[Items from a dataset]
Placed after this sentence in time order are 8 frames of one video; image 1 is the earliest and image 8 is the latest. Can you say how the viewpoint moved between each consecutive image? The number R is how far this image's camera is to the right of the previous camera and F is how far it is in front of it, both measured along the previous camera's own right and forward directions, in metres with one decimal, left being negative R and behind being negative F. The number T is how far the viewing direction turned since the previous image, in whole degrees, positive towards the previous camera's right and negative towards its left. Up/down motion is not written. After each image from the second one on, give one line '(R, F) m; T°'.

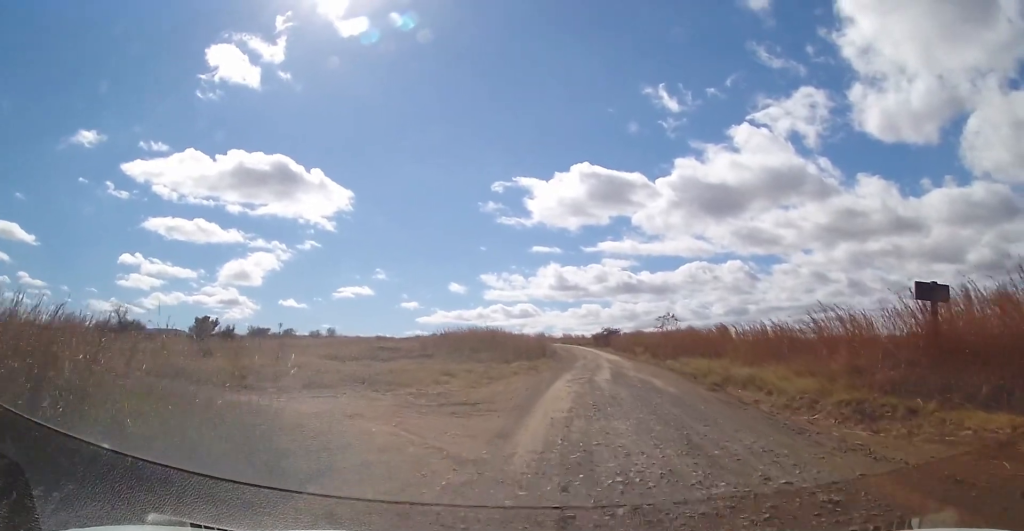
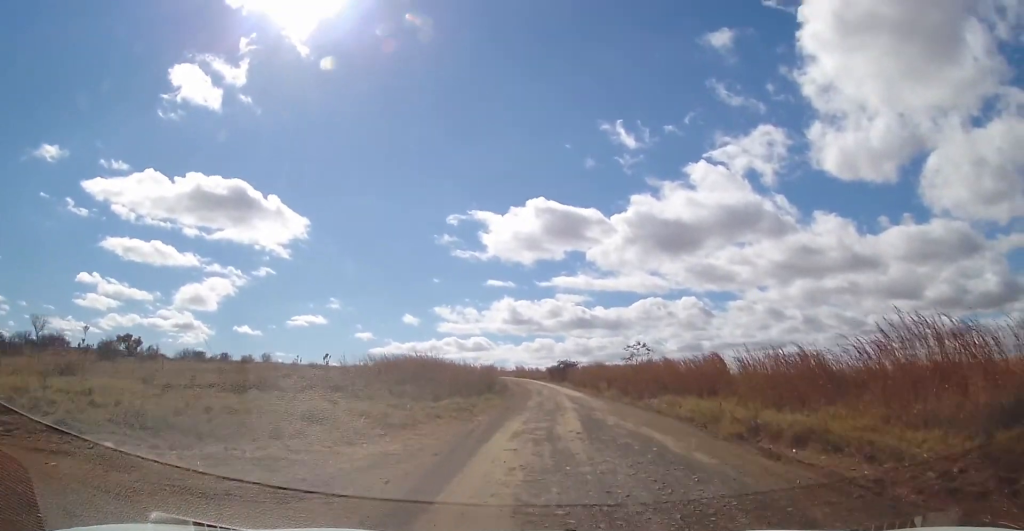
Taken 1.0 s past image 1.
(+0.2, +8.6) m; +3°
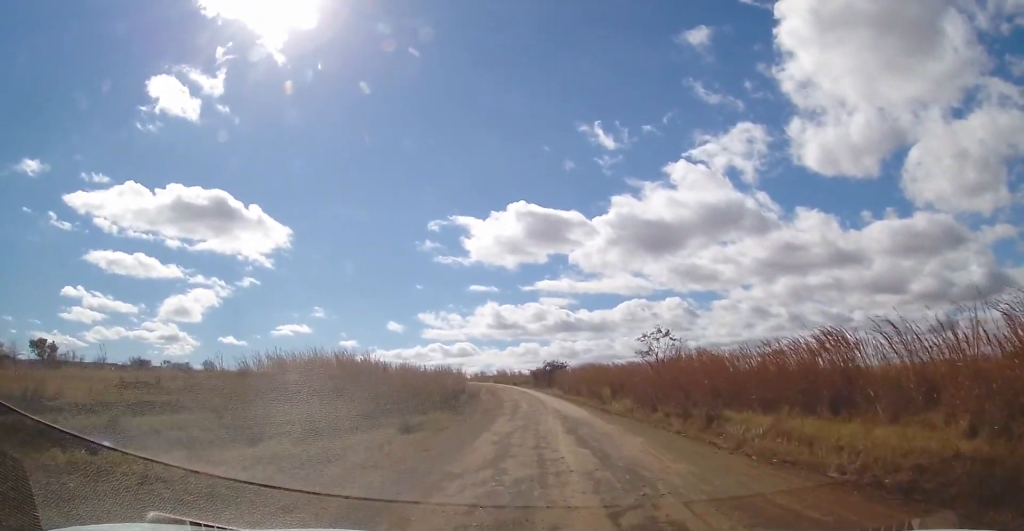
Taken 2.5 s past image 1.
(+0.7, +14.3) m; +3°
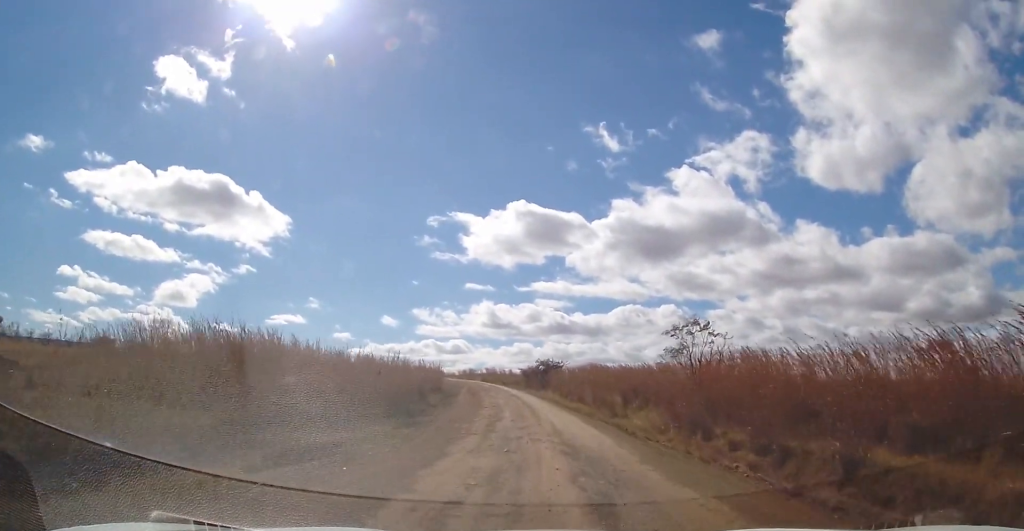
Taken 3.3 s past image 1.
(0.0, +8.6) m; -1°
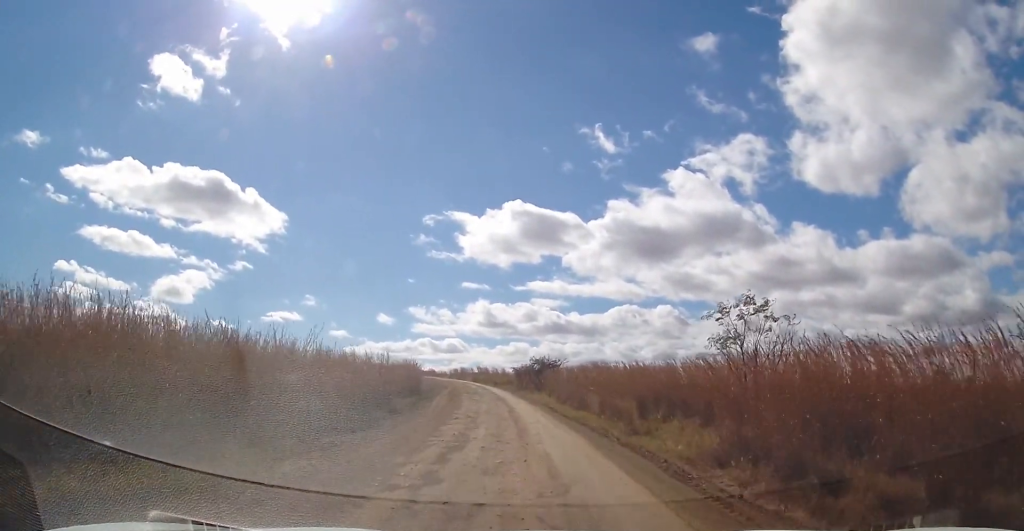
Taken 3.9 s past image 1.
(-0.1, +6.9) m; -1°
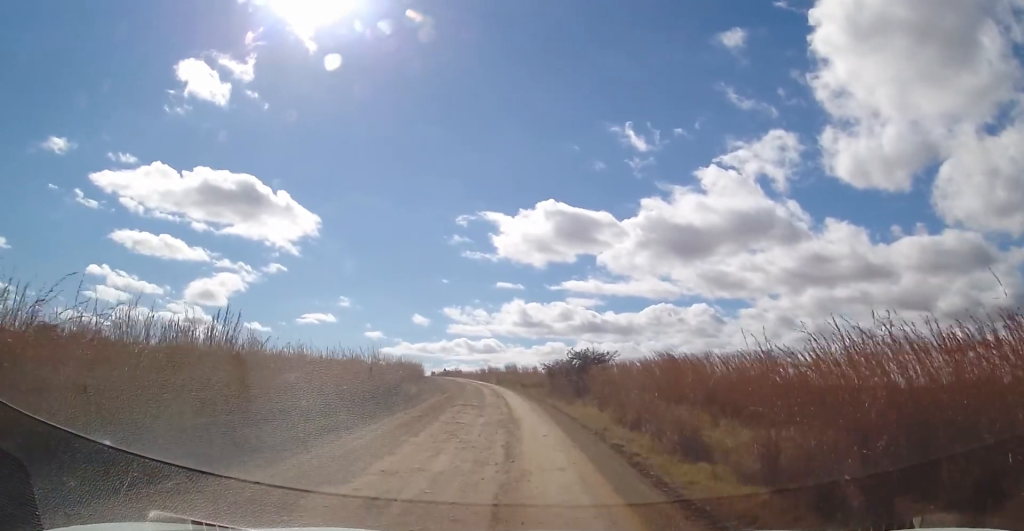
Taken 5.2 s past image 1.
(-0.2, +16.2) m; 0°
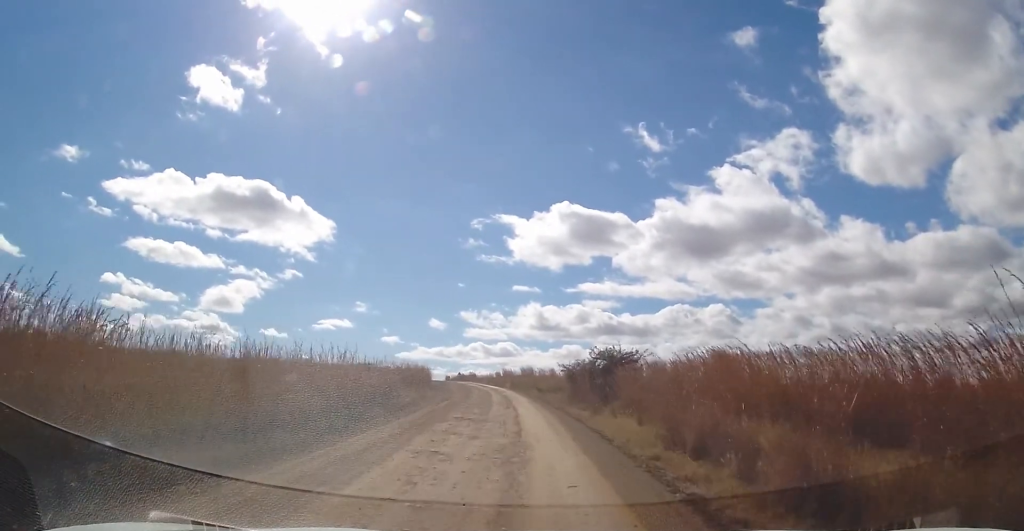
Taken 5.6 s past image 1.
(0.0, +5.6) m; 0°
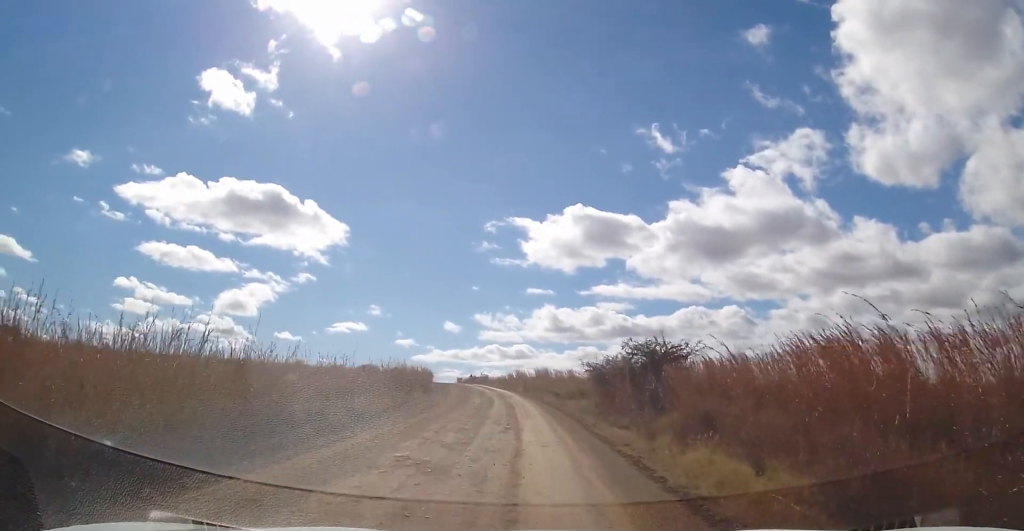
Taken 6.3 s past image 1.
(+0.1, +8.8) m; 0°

ABOUT THIS TASK
Transcribe the records above exactly, excluding every picture.

EXPECTED ANSWER
Placed after this sentence in time order are 8 frames of one video; image 1 is the earliest and image 8 is the latest. Can you say how the viewpoint moved between each consecutive image? The number R is how far this image's camera is to the right of the previous camera and F is how far it is in front of it, both measured along the previous camera's own right and forward directions, in metres with one decimal, left being negative R and behind being negative F. The number T is how far the viewing direction turned since the previous image, in whole degrees, positive towards the previous camera's right and negative towards its left. Up/down motion is not written. After each image from the second one on, give one line '(R, F) m; T°'.

Taken 1.0 s past image 1.
(+0.2, +8.6) m; +3°
Taken 2.5 s past image 1.
(+0.7, +14.3) m; +3°
Taken 3.3 s past image 1.
(0.0, +8.6) m; -1°
Taken 3.9 s past image 1.
(-0.1, +6.9) m; -1°
Taken 5.2 s past image 1.
(-0.2, +16.2) m; 0°
Taken 5.6 s past image 1.
(0.0, +5.6) m; 0°
Taken 6.3 s past image 1.
(+0.1, +8.8) m; 0°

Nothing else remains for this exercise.